In this issue of the JCI, Vaisar et al. studied the proteome of HDL (see the related article beginning on page 746). They reveal, quite unexpectedly, that HDL is enriched in several proteins involved in the complement cascade, as well as in a variety of protease inhibitors, supporting the concept that HDL plays a role in innate immunity and in the regulation of proteolytic cascades involved in inflammatory and coagulation processes. The protein makeup of HDL also appears to be altered in patients with coronary artery disease. HDL proteomics is in its infancy, and preliminary findings will need to be confirmed using standardized approaches in larger clinical samples. However, this approach promises to better elucidate the relationship of HDL to atherosclerosis and its complications and could eventually help in the development of biomarkers to predict the outcome of interventions that alter HDL levels and functions.

The inverse relationship between plasma HDL-cholesterol (HDL-C) levels and atherosclerotic cardiovascular disease (CVD) provides the epidemiological basis for the widely accepted hypothesis that HDL is atheroprotective. Despite intense research, the underlying mechanisms of HDL atheroprotection remain incompletely understood. Indeed, recent clinical trials (1, 2) indicate the complexity of HDL physiology and the challenges in developing HDL therapies. HDL function, and benefit with a specific therapy, may depend more on the molecular mechanism driving increases in HDL-C than on the absolute level of HDL-C (3). Some interventions that raise HDL-C levels may have no benefit and even promote atherosclerosis (4), while other therapies may reduce CVD without actually changing HDL-C levels (1). Overall, the epidemiological evidence suggests that the majority of mechanisms that result in higher HDL-C levels in vivo will provide atheroprotection; the question is how to identify such targets. This requires a shift in mindset toward assessing HDL in terms of its atheroprotective functions rather than just levels of cholesterol and its main apoprotein, APOAI.

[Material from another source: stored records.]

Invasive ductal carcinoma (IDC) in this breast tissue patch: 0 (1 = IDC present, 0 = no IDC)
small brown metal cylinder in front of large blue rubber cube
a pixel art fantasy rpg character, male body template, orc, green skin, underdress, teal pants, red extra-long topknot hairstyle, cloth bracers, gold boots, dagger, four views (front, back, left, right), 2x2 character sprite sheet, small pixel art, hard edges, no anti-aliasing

Proposed mechanisms of HDL atheroprotection

Experimental studies, including limited work in humans, suggest several distinct but potentially overlapping HDL atheroprotective functions. These include reverse cholesterol transport (RCT) (5) and reductions in oxidative stress and in innate immune inflammation (6, 7).

RCT. The ability of HDL to promote RCT has been thought of as the major function of HDL for more than four decades (8, 9), although convincing demonstration of this process in vivo has only emerged in the past few years (5). In atherosclerosis the primary cell that is loaded with cholesterol is the arterial macrophage — therefore, it may make more sense to conceptualize RCT in terms of macrophage cholesterol efflux potential or “macrophage RCT” rather than in terms of total peripheral tissue cholesterol RCT (5, 9).

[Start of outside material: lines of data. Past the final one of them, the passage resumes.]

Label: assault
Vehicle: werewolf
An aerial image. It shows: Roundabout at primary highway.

The first step in macrophage RCT is efflux of cholesterol from arterial macrophages, a highly regulated process involving specific transporters including ABC transporter A1 (ABCA1) and ABCG1 (5). ABCA1 facilitates efflux of cholesterol and phospholipids (including oxidized phospholipids) to lipid-poor APOAI, whereas ABCG1-mediated cholesterol efflux to more mature HDL particles (10) is enhanced by lecithin:cholesterol acyltransferase (LCAT) and APOE in HDL (11) and may be in part be responsible for the “passive cholesterol efflux” characterized by Rothblat, Phillips, and coworkers (12). Expression of both transporters is upregulated in macrophages by oxysterols that activate the nuclear hormone receptor liver X receptors (LXRs) and directly target the promoters of theses genes. Macrophage expression of both ABCA1 and ABCG1 enhances macrophage cholesterol efflux and protects against experimental atherosclerosis.

Following efflux to HDL and esterification by LCAT, transport of cholesterol to the liver is mediated directly by HDL hepatic receptors, including scavenger receptor BI (SR-BI), or indirectly by cholesterol ester (CE) transfer protein–driven (CETP-driven) CE transfer to apoB lipoproteins and liver uptake (5). Hepatic SR-BI mediates selective uptake of HDL-CE and free cholesterol without concomitant uptake of HDL protein (4). Despite reducing plasma HDL-C levels, hepatic SR-BI overexpression in mice enhances macrophage RCT and reduces atherosclerosis (4, 5). The role of SR-B1 in human physiology remains uncertain, however, because relatively little HDL-CE is taken up directly by the liver in humans (13).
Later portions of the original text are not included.